(NEW YORK) -- The effects of sea level rise on coastal communities is even more drastic than scientists previously thought -- with more evidence pointing to increases in flooding, even on days without rain, according to the National Oceanic and Atmospheric Administration.
High-tide flooding, or "sunny day flooding," is becoming increasingly common due to decades of sea level rise, NOAA said in its update to its sea level rise report released Tuesday.
This type of flooding results from the overflow of ocean water at high tide that then covers low-lying areas -- typically occurring when the tides reach anywhere from 1.75 to 2 feet above the daily average, according to NOAA.
The water then spills onto streets or bubbles up from storm drains and will do so "more regularly," even with a mere full moon or change in prevailing winds or currents.
Coastal communities around the U.S. will continue to experience high-tide flooding -- also known as "king tides" or "nuisance" flooding -- with damage to basements and roadways commonplace as well as threats to human safety. Communities along the East Coast and Gulf of Mexico may see some of the highest levels of increases -- with an over 150% increase in high-tide events in 2022 compared to 2000, the report stated.

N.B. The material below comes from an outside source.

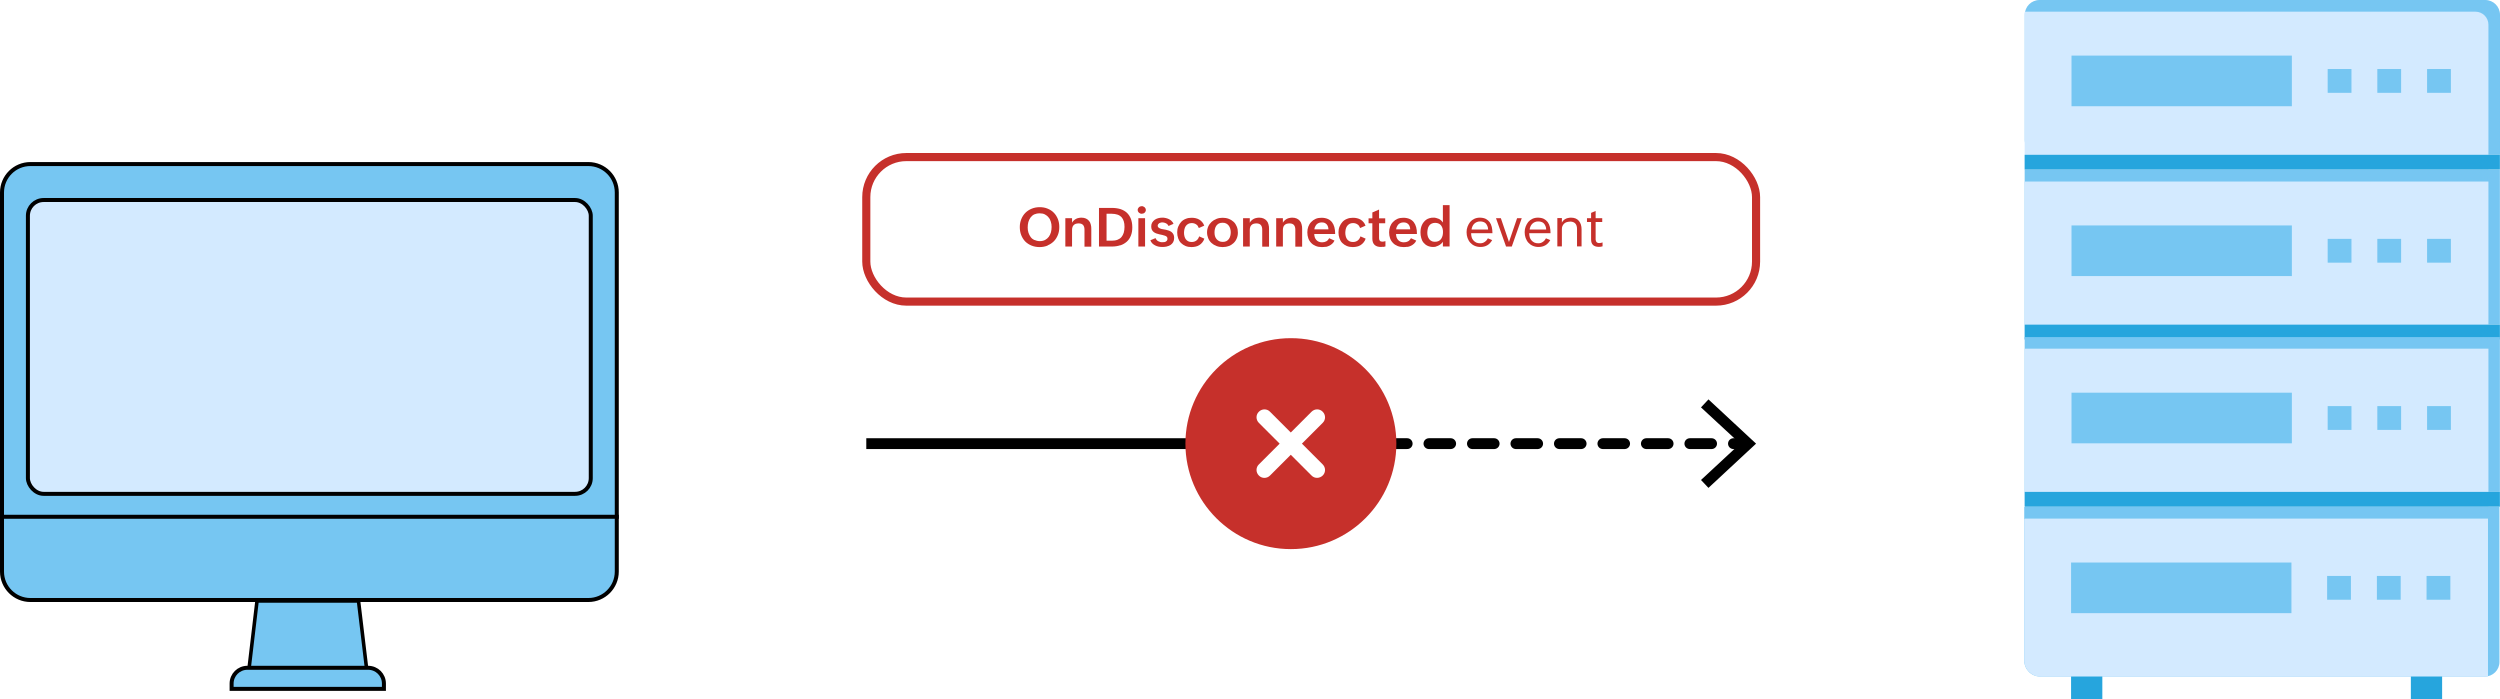 <?xml version="1.0" encoding="UTF-8"?><svg id="Layer_2" xmlns="http://www.w3.org/2000/svg" viewBox="0 0 231.1 64.66"><defs><style>.cls-1{stroke-width:.33px;}.cls-1,.cls-2,.cls-3,.cls-4,.cls-5,.cls-6,.cls-7{stroke:#000;}.cls-1,.cls-8{fill-rule:evenodd;}.cls-1,.cls-3,.cls-4,.cls-5,.cls-6,.cls-9{stroke-miterlimit:10;}.cls-1,.cls-10,.cls-5{fill:#76c6f2;}.cls-2,.cls-3,.cls-6,.cls-9,.cls-7{fill:none;}.cls-2,.cls-7{stroke-linecap:round;stroke-linejoin:round;}.cls-8,.cls-11{fill:#c6302b;}.cls-8,.cls-11,.cls-10,.cls-12,.cls-13,.cls-14{stroke-width:0px;}.cls-3,.cls-4{stroke-width:.37px;}.cls-4,.cls-14{fill:#d3eaff;}.cls-12{fill:#000;}.cls-5{stroke-width:.37px;}.cls-9{stroke:#c6302b;stroke-width:.75px;}.cls-13{fill:#26a5dd;}.cls-7{stroke-dasharray:0 0 2.01 2.01;}</style></defs><g id="Layer_1-2"><rect class="cls-10" x=".18" y="15.17" width="56.83" height="40.29" rx="2.62" ry="2.62"/><path class="cls-12" d="M54.39,15.35c1.34,0,2.44,1.09,2.44,2.44v35.05c0,1.34-1.09,2.44-2.44,2.44H2.81c-1.34,0-2.44-1.09-2.44-2.44V17.79c0-1.34,1.09-2.44,2.44-2.44h51.58M54.39,14.98H2.81c-1.55,0-2.81,1.26-2.81,2.81v35.05c0,1.55,1.26,2.81,2.81,2.81h51.58c1.55,0,2.81-1.26,2.81-2.81V17.79c0-1.55-1.26-2.81-2.81-2.81h0Z"/><line class="cls-3" x1="0" y1="47.77" x2="57.2" y2="47.77"/><rect class="cls-4" x="2.58" y="18.49" width="52.03" height="27.16" rx="1.45" ry="1.45"/><polygon class="cls-1" points="33.88 61.73 23.03 61.73 23.76 55.55 33.14 55.55 33.88 61.73"/><path class="cls-5" d="M22.87,61.73h11.16c.81,0,1.46.65,1.46,1.46v.49h-14.08v-.49c0-.81.65-1.46,1.46-1.46Z"/><path class="cls-10" d="M231.09,14.31h-42.55c-.76,0-1.37-.61-1.37-1.37V1.37c0-.76.61-1.37,1.37-1.37h41.19c.76,0,1.37.61,1.37,1.37v12.93s0,0,0,0Z"/><path class="cls-14" d="M187.23,1.08h41.6c.66,0,1.2.54,1.2,1.2v13.41h-42.87V1.15s.03-.07.07-.07Z"/><rect class="cls-13" x="187.16" y="14.31" width="43.93" height="1.37"/><rect class="cls-10" x="191.49" y="5.14" width="20.37" height="4.68"/><rect class="cls-10" x="215.17" y="6.38" width="2.2" height="2.2"/><rect class="cls-10" x="219.76" y="6.38" width="2.2" height="2.2"/><rect class="cls-10" x="224.36" y="6.38" width="2.2" height="2.2"/><rect class="cls-10" x="187.16" y="15.7" width="43.93" height="14.31"/><path class="cls-14" d="M187.23,16.78h42.8v14.61h-42.87v-14.54s.03-.07.07-.07Z"/><rect class="cls-13" x="187.16" y="30.01" width="43.93" height="1.37"/><rect class="cls-10" x="191.49" y="20.84" width="20.37" height="4.68"/><rect class="cls-10" x="215.17" y="22.08" width="2.2" height="2.2"/><rect class="cls-10" x="219.76" y="22.08" width="2.2" height="2.2"/><rect class="cls-10" x="224.36" y="22.08" width="2.2" height="2.2"/><rect class="cls-10" x="187.16" y="31.16" width="43.93" height="14.31"/><path class="cls-14" d="M187.23,32.23h42.8v14.61h-42.87v-14.54s.03-.07.07-.07Z"/><rect class="cls-13" x="187.16" y="45.47" width="43.93" height="1.37"/><rect class="cls-10" x="191.49" y="36.3" width="20.37" height="4.68"/><rect class="cls-10" x="215.17" y="37.54" width="2.2" height="2.2"/><rect class="cls-10" x="219.76" y="37.54" width="2.2" height="2.2"/><rect class="cls-10" x="224.36" y="37.54" width="2.2" height="2.2"/><path class="cls-10" d="M187.12,46.86h43.93v14.33c0,.75-.61,1.35-1.35,1.35h-41.1c-.82,0-1.48-.66-1.48-1.48v-14.2h0Z"/><path class="cls-14" d="M187.19,47.94h42.8v14.61h-41.36c-.83,0-1.51-.68-1.51-1.51v-13.03s.03-.07.07-.07Z"/><rect class="cls-10" x="191.45" y="52" width="20.37" height="4.68"/><rect class="cls-10" x="215.12" y="53.24" width="2.2" height="2.2"/><rect class="cls-10" x="219.72" y="53.24" width="2.2" height="2.2"/><rect class="cls-10" x="224.31" y="53.24" width="2.2" height="2.2"/><rect class="cls-13" x="191.45" y="62.54" width="2.89" height="2.12"/><rect class="cls-13" x="222.86" y="62.54" width="2.89" height="2.12"/><line class="cls-6" x1="80.08" y1="41.01" x2="113.33" y2="41.01"/><line class="cls-2" x1="129.08" y1="41.01" x2="130.08" y2="41.01"/><line class="cls-7" x1="132.09" y1="41.01" x2="159.24" y2="41.01"/><line class="cls-2" x1="160.24" y1="41.01" x2="161.24" y2="41.01"/><polygon class="cls-12" points="157.93 45.1 157.24 44.37 160.86 41.01 157.24 37.66 157.93 36.92 162.33 41.01 157.93 45.1"/><path class="cls-8" d="M129.08,41.01c0,5.38-4.37,9.75-9.75,9.75s-9.75-4.37-9.75-9.75,4.37-9.75,9.75-9.75,9.75,4.37,9.75,9.75ZM116.37,38.06c.29-.29.75-.29,1.03,0l1.92,1.92,1.92-1.92c.29-.29.75-.29,1.03,0,.29.29.29.75,0,1.03l-1.92,1.92,1.92,1.92c.29.29.29.75,0,1.03s-.75.29-1.03,0l-1.92-1.92-1.92,1.92c-.29.29-.75.29-1.03,0-.29-.29-.29-.75,0-1.03l1.92-1.92-1.92-1.92c-.29-.29-.29-.75,0-1.03Z"/><rect class="cls-9" x="80.08" y="14.52" width="82.25" height="13.36" rx="3.7" ry="3.7"/><path class="cls-11" d="M96.84,22.7c-.22.09-.47.14-.74.14s-.53-.05-.75-.14-.42-.22-.58-.38c-.16-.17-.28-.36-.37-.59-.09-.23-.13-.48-.13-.75s.05-.5.14-.73c.09-.22.22-.42.38-.58.16-.16.36-.29.58-.38.22-.09.47-.14.73-.14s.52.04.75.14c.22.09.42.22.57.38.16.16.28.36.37.58.09.23.13.47.13.74s-.04.51-.13.73c-.09.22-.21.42-.37.58-.16.16-.35.29-.57.38ZM95.64,22.18c.14.07.3.11.48.11.19,0,.36-.04.49-.11s.25-.17.34-.29c.09-.12.15-.26.2-.42.04-.16.06-.32.06-.49s-.02-.33-.07-.48c-.04-.15-.11-.29-.21-.4-.09-.12-.21-.21-.34-.28s-.3-.1-.48-.1c-.2,0-.37.04-.51.1-.14.07-.25.17-.34.29-.09.12-.15.26-.2.42-.04.16-.06.33-.06.5,0,.17.02.33.07.48s.12.29.21.41c.09.12.21.21.35.28Z"/><path class="cls-11" d="M99.14,21c-.03.08-.04.16-.04.25v1.54h-.62v-2.62h.62v.42c.04-.08.09-.15.16-.21s.13-.11.21-.15c.08-.04.16-.07.24-.08.09-.02.17-.03.26-.03.16,0,.3.03.41.08.12.05.21.13.29.22s.13.2.16.33c.04.13.05.26.05.41v1.64h-.63v-1.57c0-.18-.04-.33-.13-.43-.09-.1-.22-.15-.42-.15-.1,0-.18.02-.26.04-.08.03-.14.07-.19.12-.05.05-.09.12-.12.2Z"/><path class="cls-11" d="M103.56,22.67c-.23.08-.49.12-.77.12h-1.2v-3.57h1.2c.29,0,.55.04.79.11.23.08.43.19.59.34s.28.34.37.56c.08.22.13.48.13.78s-.04.54-.13.77c-.09.22-.21.41-.38.56s-.36.26-.59.34ZM102.28,22.25h.49c.21,0,.39-.03.54-.09s.27-.14.36-.25c.09-.11.16-.24.21-.4.04-.16.07-.33.07-.53s-.02-.38-.07-.53-.12-.28-.21-.38c-.1-.1-.22-.18-.37-.23-.15-.05-.33-.08-.53-.08h-.48v2.5Z"/><path class="cls-11" d="M105.68,19.73s-.09.03-.14.03-.1,0-.14-.03-.08-.04-.12-.07c-.03-.03-.06-.07-.08-.11-.02-.04-.03-.09-.03-.14,0-.05,0-.1.03-.14s.05-.08.08-.11c.03-.03.07-.06.12-.07.04-.02.09-.03.15-.03s.1,0,.14.03c.04.02.08.04.12.07.03.03.06.07.08.11s.03.09.03.14,0,.1-.03.14-.04.08-.08.11c-.03.03-.07.06-.11.07ZM105.85,20.17v2.62h-.62v-2.62h.62Z"/><path class="cls-11" d="M107.85,22.79c-.13.03-.26.04-.4.04-.11,0-.23-.01-.34-.03-.11-.02-.22-.06-.32-.11-.1-.05-.19-.11-.27-.19-.08-.08-.14-.18-.18-.29l.48-.2c.02.06.06.12.1.17.04.05.09.09.15.12.06.03.12.05.18.07s.13.02.2.02c.06,0,.11,0,.17-.01.06,0,.11-.03.15-.05.04-.02.08-.06.11-.1s.04-.1.04-.17-.02-.13-.06-.17-.1-.08-.17-.1c-.07-.03-.15-.05-.24-.07-.09-.02-.18-.04-.28-.06-.09-.02-.19-.05-.28-.08-.09-.03-.17-.08-.24-.13-.07-.05-.13-.13-.17-.21s-.06-.19-.06-.32.03-.25.09-.35c.06-.1.14-.18.23-.25.09-.07.2-.11.32-.15.12-.03.24-.05.36-.05.1,0,.21,0,.32.03s.21.05.3.1c.1.04.18.1.26.18.08.07.14.16.18.26l-.46.2c-.03-.06-.06-.11-.1-.15s-.09-.07-.14-.1c-.05-.03-.11-.04-.17-.06s-.12-.02-.18-.02c-.04,0-.09,0-.14.02s-.09.03-.13.05c-.04.03-.07.06-.1.1s-.04.09-.04.14c0,.07.02.12.07.16.04.04.1.07.17.1s.15.05.24.06.18.03.28.05c.1.02.19.05.28.08.09.03.17.08.24.13.07.06.13.13.17.21.04.08.07.19.07.32,0,.16-.03.29-.09.4s-.14.19-.24.26c-.1.07-.21.11-.34.14Z"/><path class="cls-11" d="M110.55,22.79c-.13.03-.26.05-.4.05-.21,0-.39-.03-.56-.1-.16-.07-.3-.16-.42-.28s-.2-.26-.26-.43-.09-.35-.09-.55.03-.37.1-.54.16-.31.27-.43.26-.22.42-.28c.16-.07.34-.1.54-.1.13,0,.26.01.38.04s.23.07.33.13.19.13.27.23c.08.09.14.2.19.33l-.5.22c-.03-.07-.06-.14-.1-.2s-.09-.1-.15-.14-.12-.07-.19-.09-.14-.03-.22-.03c-.13,0-.24.03-.33.08-.09.05-.16.12-.22.2-.06.08-.09.18-.12.28-.02.11-.04.22-.04.33s.01.22.04.33.07.2.12.27c.06.08.13.14.22.19.09.05.2.07.33.07.18,0,.32-.05.44-.14s.2-.22.25-.38l.48.21c-.04.14-.11.25-.19.35-.08.1-.17.18-.28.25-.11.07-.22.11-.35.14Z"/><path class="cls-11" d="M113.58,22.74c-.17.07-.36.1-.56.1s-.39-.03-.57-.1-.33-.16-.46-.28c-.13-.12-.23-.26-.3-.43s-.11-.35-.11-.55.04-.38.11-.54.18-.31.31-.43c.13-.12.28-.21.46-.28s.36-.1.56-.1.39.03.57.1.32.16.45.28.22.27.29.44c.07.17.1.35.1.56s-.04.38-.11.54c-.07.17-.17.31-.3.43-.13.12-.28.21-.45.28ZM112.7,22.29c.09.05.21.07.33.07.13,0,.25-.02.34-.07s.17-.12.23-.2.1-.18.13-.29.04-.22.04-.34-.02-.22-.05-.33c-.03-.1-.08-.2-.14-.28-.06-.08-.14-.14-.23-.19s-.2-.07-.33-.07c-.13,0-.25.02-.35.07-.09.05-.17.12-.23.2-.06.08-.1.18-.13.29-.03.11-.04.22-.04.34s.01.22.04.33.08.19.14.27c.06.08.14.14.23.19Z"/><path class="cls-11" d="M115.57,21c-.03.08-.04.16-.04.25v1.54h-.62v-2.62h.62v.42c.04-.08.09-.15.16-.21s.13-.11.21-.15c.08-.04.16-.07.24-.08.09-.02.17-.03.26-.03.16,0,.3.03.41.08.12.05.21.13.29.22s.13.2.16.33c.04.13.05.26.05.41v1.64h-.63v-1.57c0-.18-.04-.33-.13-.43-.09-.1-.22-.15-.42-.15-.1,0-.18.02-.26.04-.08.03-.14.07-.19.12-.05.05-.09.12-.12.2Z"/><path class="cls-11" d="M118.63,21c-.03.08-.04.16-.04.25v1.54h-.62v-2.62h.62v.42c.04-.08.09-.15.16-.21s.13-.11.21-.15c.08-.04.16-.07.24-.08.09-.02.17-.03.26-.03.16,0,.3.03.41.08.12.05.21.13.29.22s.13.2.16.33c.04.13.05.26.05.41v1.64h-.63v-1.57c0-.18-.04-.33-.13-.43-.09-.1-.22-.15-.42-.15-.1,0-.18.02-.26.04-.08.03-.14.07-.19.12-.05.05-.09.12-.12.2Z"/><path class="cls-11" d="M122.55,22.81c-.12.02-.24.03-.36.03-.21,0-.39-.03-.56-.1-.17-.07-.31-.16-.42-.28-.12-.12-.21-.26-.27-.43s-.09-.35-.09-.55c0-.19.03-.37.09-.53s.15-.31.27-.43c.11-.12.25-.22.41-.29.16-.07.34-.1.54-.1.23,0,.42.04.58.11.16.07.29.17.39.3.1.13.17.28.22.46s.07.37.07.57v.06h-1.93c0,.11.02.21.05.31.03.09.08.17.14.24s.13.12.22.16.19.06.31.06c.15,0,.28-.03.39-.09.11-.06.2-.16.27-.29l.49.22c-.05.11-.12.21-.21.29s-.18.14-.28.19-.21.08-.33.11ZM121.57,20.95c-.04.08-.06.16-.07.25h1.3c0-.1-.02-.19-.05-.27-.03-.08-.07-.15-.12-.2-.05-.05-.12-.1-.19-.13s-.17-.04-.27-.04c-.1,0-.18.02-.26.05-.08.03-.14.08-.2.13-.05.06-.1.12-.13.2Z"/><path class="cls-11" d="M125.46,22.79c-.13.03-.26.05-.4.05-.21,0-.39-.03-.56-.1-.16-.07-.3-.16-.42-.28s-.2-.26-.26-.43-.09-.35-.09-.55.03-.37.1-.54.16-.31.27-.43.26-.22.42-.28c.16-.07.34-.1.54-.1.13,0,.26.01.38.04s.23.07.33.13.19.13.27.23c.08.09.14.2.19.33l-.5.22c-.03-.07-.06-.14-.1-.2s-.09-.1-.15-.14-.12-.07-.19-.09-.14-.03-.22-.03c-.13,0-.24.03-.33.08-.09.05-.16.12-.22.2-.06.08-.09.18-.12.28-.02.11-.04.22-.04.33s.01.22.04.33.07.2.12.27c.06.08.13.14.22.19.09.05.2.07.33.07.18,0,.32-.05.44-.14s.2-.22.25-.38l.48.21c-.04.14-.11.25-.19.35-.08.1-.17.18-.28.25-.11.07-.22.11-.35.14Z"/><path class="cls-11" d="M127.87,22.81c-.07.01-.14.02-.21.02-.26,0-.45-.06-.59-.19-.14-.13-.21-.32-.21-.58v-1.42h-.35v-.46h.35v-.54l.62-.27v.81h.57v.46h-.57v1.37c0,.1.02.18.07.24.05.06.12.09.23.09.1,0,.2-.02.29-.05v.49c-.07.02-.13.04-.21.05Z"/><path class="cls-11" d="M130.11,22.81c-.12.02-.24.03-.36.03-.21,0-.39-.03-.56-.1-.17-.07-.31-.16-.42-.28-.12-.12-.21-.26-.27-.43s-.09-.35-.09-.55c0-.19.03-.37.09-.53s.15-.31.27-.43c.11-.12.25-.22.41-.29.16-.07.34-.1.54-.1.23,0,.42.04.58.11.16.07.29.17.39.3.1.13.17.28.22.46s.07.37.07.57v.06h-1.93c0,.11.02.21.05.31.03.09.08.17.14.24s.13.12.22.16.19.06.31.06c.15,0,.28-.03.39-.09.11-.06.2-.16.27-.29l.49.22c-.05.11-.12.21-.21.29s-.18.14-.28.19-.21.08-.33.11ZM129.13,20.95c-.04.08-.06.16-.07.25h1.3c0-.1-.02-.19-.05-.27-.03-.08-.07-.15-.12-.2-.05-.05-.12-.1-.19-.13s-.17-.04-.27-.04c-.1,0-.18.02-.26.05-.08.03-.14.08-.2.13-.05.06-.1.12-.13.2Z"/><path class="cls-11" d="M132.74,22.8c-.09.02-.18.03-.26.03-.2,0-.37-.04-.52-.11s-.27-.17-.37-.29c-.1-.12-.17-.27-.21-.43-.05-.16-.07-.34-.07-.52,0-.12.01-.23.03-.35s.06-.22.1-.32.1-.19.17-.28.15-.16.23-.22.19-.11.3-.14c.11-.04.23-.05.36-.05.09,0,.18,0,.26.03.08.02.16.05.24.08.08.04.15.08.21.14s.12.12.17.2v-1.61h.62v3.82h-.62v-.44c-.04.08-.1.14-.17.2-.07.06-.14.11-.22.15s-.17.08-.25.1ZM132.32,22.28c.09.05.19.07.32.07.14,0,.25-.02.35-.07.1-.05.17-.11.23-.2s.1-.18.13-.29.04-.22.04-.34-.01-.23-.04-.33c-.03-.1-.07-.19-.13-.27-.06-.08-.13-.14-.22-.18s-.2-.07-.33-.07c-.14,0-.25.03-.35.08s-.17.12-.22.2c-.06.08-.1.18-.12.29-.02.11-.04.22-.04.34,0,.11.01.21.04.32.03.1.07.19.13.27s.13.14.22.18Z"/><path class="cls-11" d="M137.94,22.19c-.24.43-.6.64-1.09.64-.2,0-.38-.04-.54-.11-.16-.07-.29-.17-.4-.29s-.19-.27-.25-.43-.09-.35-.09-.54.03-.35.09-.51.14-.3.24-.43c.1-.12.23-.22.38-.29.15-.07.32-.11.51-.11.21,0,.4.04.55.11.15.08.27.18.36.3s.16.28.2.45c.04.17.06.35.06.55v.03h-1.97c0,.13.02.25.05.37s.09.21.16.29c.07.08.16.15.26.2.11.05.23.07.37.07.08,0,.15-.01.22-.03.07-.02.13-.05.2-.1.06-.04.12-.09.17-.15.05-.06.09-.12.12-.18l.38.16ZM136.81,20.47c-.11,0-.21.02-.3.06-.09.04-.17.09-.24.16s-.12.15-.16.24-.07.19-.08.29h1.53c0-.12-.02-.22-.06-.31s-.08-.17-.14-.24c-.06-.07-.14-.12-.23-.15-.09-.04-.2-.05-.32-.05Z"/><path class="cls-11" d="M140.67,20.17l-.92,2.62h-.53l-.93-2.62h.45l.75,2.2.75-2.2h.43Z"/><path class="cls-11" d="M143.31,22.19c-.24.43-.6.64-1.09.64-.2,0-.38-.04-.54-.11-.16-.07-.29-.17-.4-.29s-.19-.27-.25-.43-.09-.35-.09-.54.03-.35.09-.51.14-.3.24-.43c.1-.12.23-.22.38-.29.15-.07.32-.11.51-.11.21,0,.4.04.55.11.15.08.27.18.36.3s.16.28.2.45c.04.17.06.35.06.55v.03h-1.97c0,.13.02.25.05.37s.09.21.16.29c.07.08.16.15.26.2.11.05.23.07.37.07.08,0,.15-.01.22-.03.07-.02.13-.05.2-.1.06-.04.12-.09.17-.15.05-.06.09-.12.12-.18l.38.16ZM142.18,20.47c-.11,0-.21.02-.3.06-.09.04-.17.09-.24.16s-.12.15-.16.24-.07.19-.08.29h1.53c0-.12-.02-.22-.06-.31s-.08-.17-.14-.24c-.06-.07-.14-.12-.23-.15-.09-.04-.2-.05-.32-.05Z"/><path class="cls-11" d="M145.11,20.49c-.11,0-.21.02-.3.05s-.17.08-.23.14c-.06.06-.11.14-.15.22s-.05.19-.05.3v1.58h-.42v-2.62h.42v.42c.04-.08.09-.15.15-.21s.13-.11.2-.14c.07-.04.15-.07.24-.08.08-.02.17-.03.26-.03.17,0,.31.03.43.08s.22.13.3.23.14.21.18.34.06.28.06.43v1.58h-.42v-1.61c0-.22-.05-.39-.16-.51-.11-.12-.28-.18-.5-.18Z"/><path class="cls-11" d="M148.14,22.77c-.12.04-.24.05-.35.05-.23,0-.41-.06-.53-.17s-.18-.29-.18-.52v-1.61h-.38v-.35h.38v-.49l.42-.18v.67h.61v.35h-.61v1.57c0,.06,0,.11.02.15.01.05.03.09.05.12s.06.06.1.08c.04.02.09.03.15.03.11,0,.21-.02.32-.06v.35Z"/></g></svg>

The silver lining is that as science advances, so does meteorologists' ability to predict when high-tide flooding will occur, according to NOAA.
In addition, due to lingering climatological effects from La Niña, coastal areas aren't predicted to experience a record number of flood events this year compared to 2021.
"The East and Gulf coasts already experience twice as many days of high tide flooding compared to the year 2000, flooding shorelines, streets and basements and damaging critical infrastructure," said Nicole LeBoeuf, director of NOAA’s National Ocean Service, in a statement. "As sea levels continue to rise, NOAA is committed to working with coastal communities to provide the tide gauge information and tools they need to tackle the problem, both now and in coming years."
Coastal communities in three locations along the Atlantic and Pacific coasts saw record high-tide flooding from May 2021 to April 2022: Reedy Point, Delaware; Springmaid Pier, South Carolina, near Myrtle Beach; and the Kwajalein Atoll in the Marshall Islands in the Pacific. That trend is expected to continue into 2023 and beyond without improved flood defenses.
The national outlook on high-tide events for 2022 is three to seven days total for the year in the U.S., according to NOAA. By 2050, high-tide flooding is expected to be between about 45 to 70 days per year on average, according to the report, which based the long-term projections off relative sea level rise predictions by 2050.